For purposes of this invention, a relatively high volatility solvent is one which evaporates at a temperature below, preferably significantly below, that of the relatively low volatility solvent. The relatively high volatility solvent preferably has a boiling point of about 120 °C or less, more preferably about 100 °C or less. Suitable high volatility solvents nonexclusively include methanol, ethanol, n- propanol, isopropanol, n-butanol and mixtures thereof. Other relatively high volatility solvent compositions which are compatible with the other ingredients can be readily determined by those skilled in the art.

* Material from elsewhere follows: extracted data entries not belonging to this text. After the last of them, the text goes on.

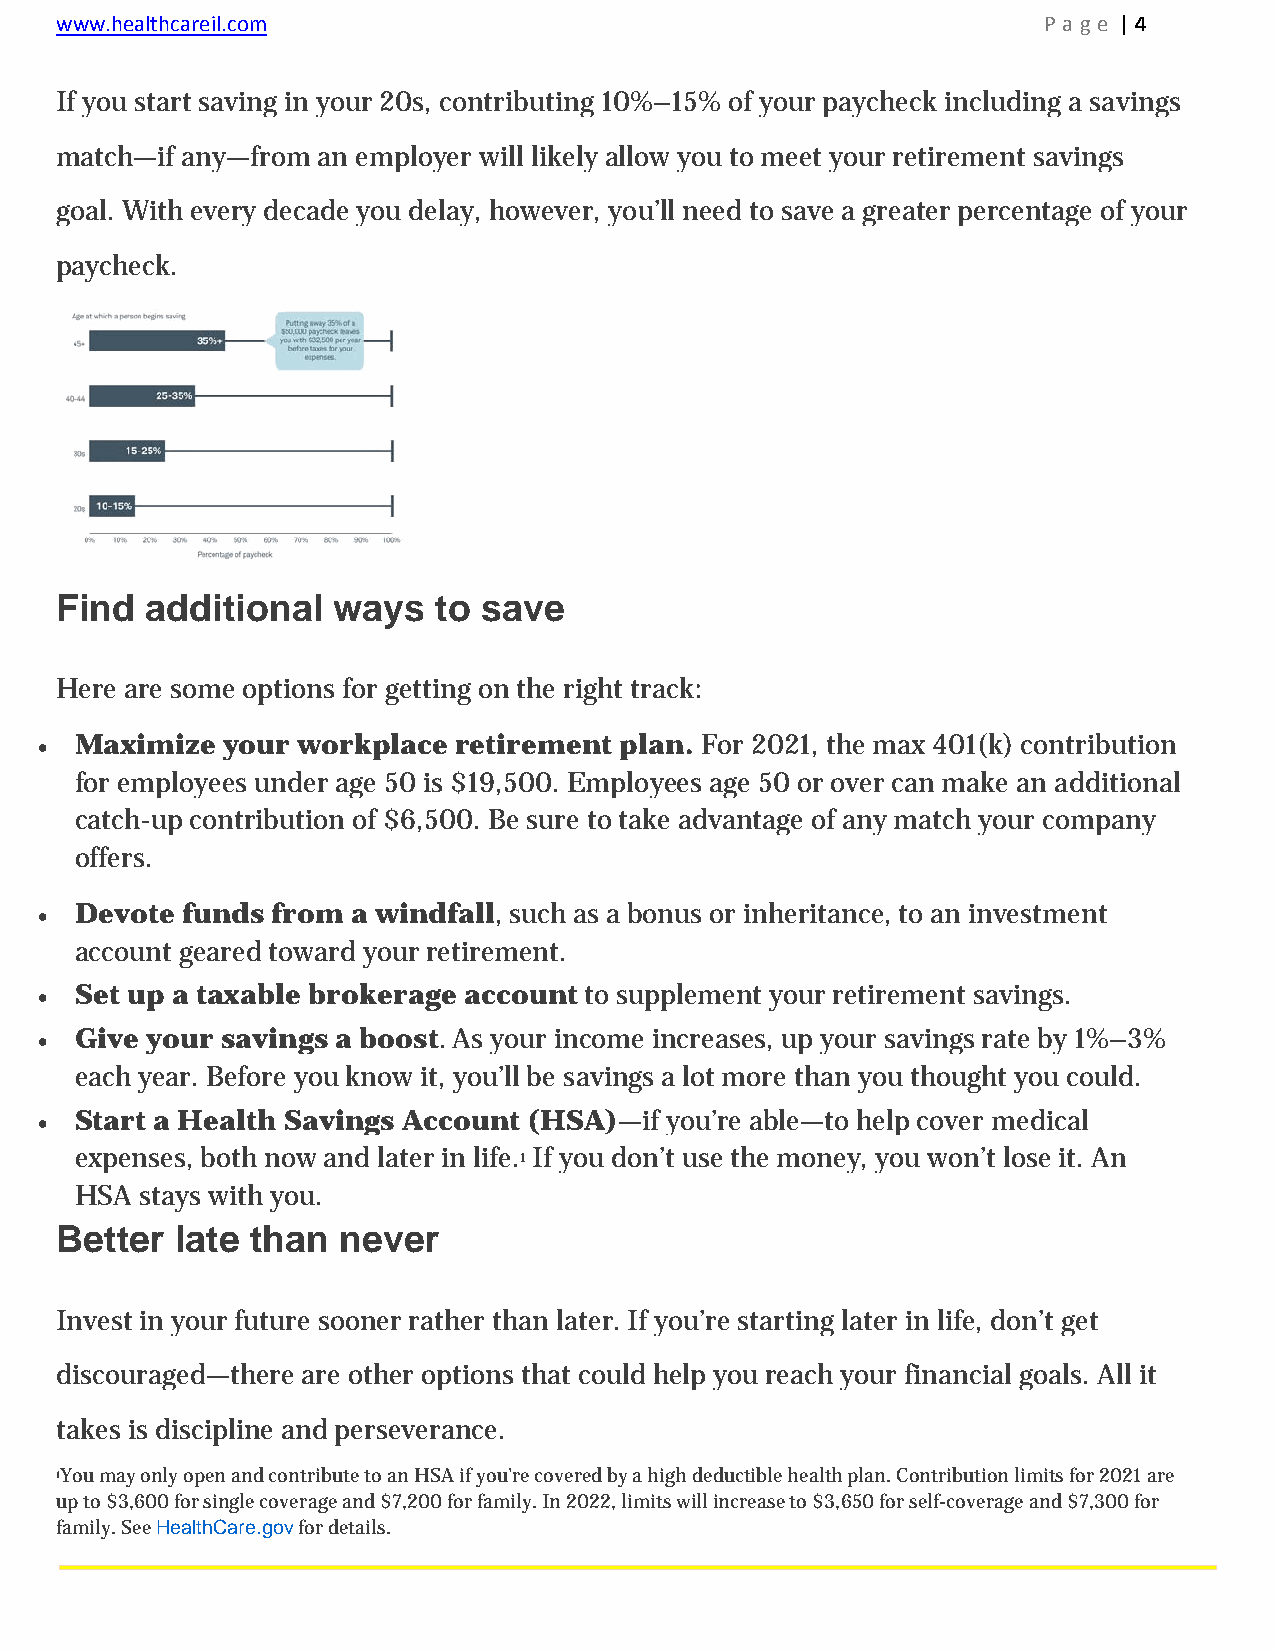
www.healthcareil.com                                             P a g e | 4
 If you start saving in your 20s, contributing 10%–15% of your paycheck including a savings
 match—if any—from an employer will likely allow you to meet your retirement savings
 goal. With every decade you delay, however, you’ll need to save a greater percentage of your
 paycheck.
 Find  additional  ways   to save
 Here are some options for getting on the right track:
   Maximize  your workplace retirement plan. For 2021, the max 401(k) contribution
 for employees under age 50 is $19,500. Employees age 50 or over can make an additional
 catch-up contribution of $6,500. Be sure to take advantage of any match your company
 offers.
   Devote funds from a windfall, such as a bonus or inheritance, to an investment
 account geared toward your retirement.
   Set up a taxable brokerage account to supplement your retirement savings.
   Give your savings a boost. As your income increases, up your savings rate by 1%–3%
 each year. Before you know it, you’ll be savings a lot more than you thought you could.
   Start a Health Savings Account (HSA)—if you’re able—to help cover medical
 expenses, both now and later in life.1 If you don’t use the money, you won’t lose it. An
 HSA stays with you.
 Better  late than never
 Invest in your future sooner rather than later. If you’re starting later in life, don’t get
 discouraged—there are other options that could help you reach your financial goals. All it
 takes is discipline and perseverance.
 1You may only open and contribute to an HSA if you’re covered by a high deductible health plan. Contribution limits for 2021 are
 up to $3,600 for single coverage and $7,200 for family. In 2022, limits will increase to $3,650 for self-coverage and $7,300 for
 family. See HealthCare.gov for details.
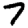
Digit: 7
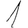
Digit: 1
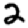
Digit: 2
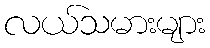
လယ်သမားများ
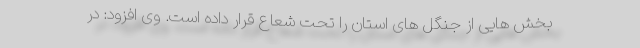
بخش هایی از جنگل های استان را تحت شعاع قرار داده است. وی افزود: در
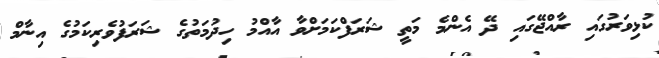
ކުޅިވަރުގައި ރާއްޖޭގައި ދޭ އެންމެ މަތީ ޝަރަފްކަމަށްވާ އާއްމު ހިދުމަތުގެ ޝަރަފުވެރިިކަމުގެ އިނާމް
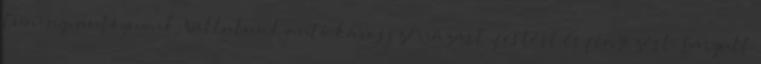
tuning, autógumik. Vállalunk autó karosszériázást ,festést és fényezést. Sárgult
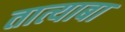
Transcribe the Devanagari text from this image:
तात्याबा
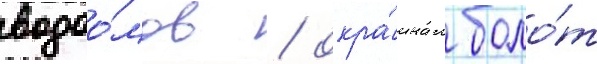
водоо́мов / окра́инам боло́т
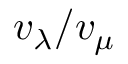
v _ { \lambda } / v _ { \mu }
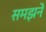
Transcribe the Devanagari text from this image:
समझनें

The relatively low volatility solvent composition is one which evaporates at a temperature above, preferably significantly above, that of the relatively high volatility solvent. The relatively low volatility solvent composition preferably has a boiling point of about 175 °C or higher, more preferably about 200 °C or higher. Suitable low volatility solvent compositions nonexclusively include alcohols and polyols including glycols such as ethylene glycol, 1,4-butylene glycol, 1,5- pentanediol, 1,2,4-butanetriol, 1,2,3-butanetriol, 2-methyl-propanetriol, 2- (hydroxymethyl)-l,3-propanediol, 1,4,1 ,4-butanediol, 2-methyl-l,3-propanediol, tetraethylene glycol, triethylene glycol monomethyl ether, glycerol and mixtures thereof. Other relatively low volatility solvent compositions which are compatible with the other ingredients can be readily determined by those skilled in the art.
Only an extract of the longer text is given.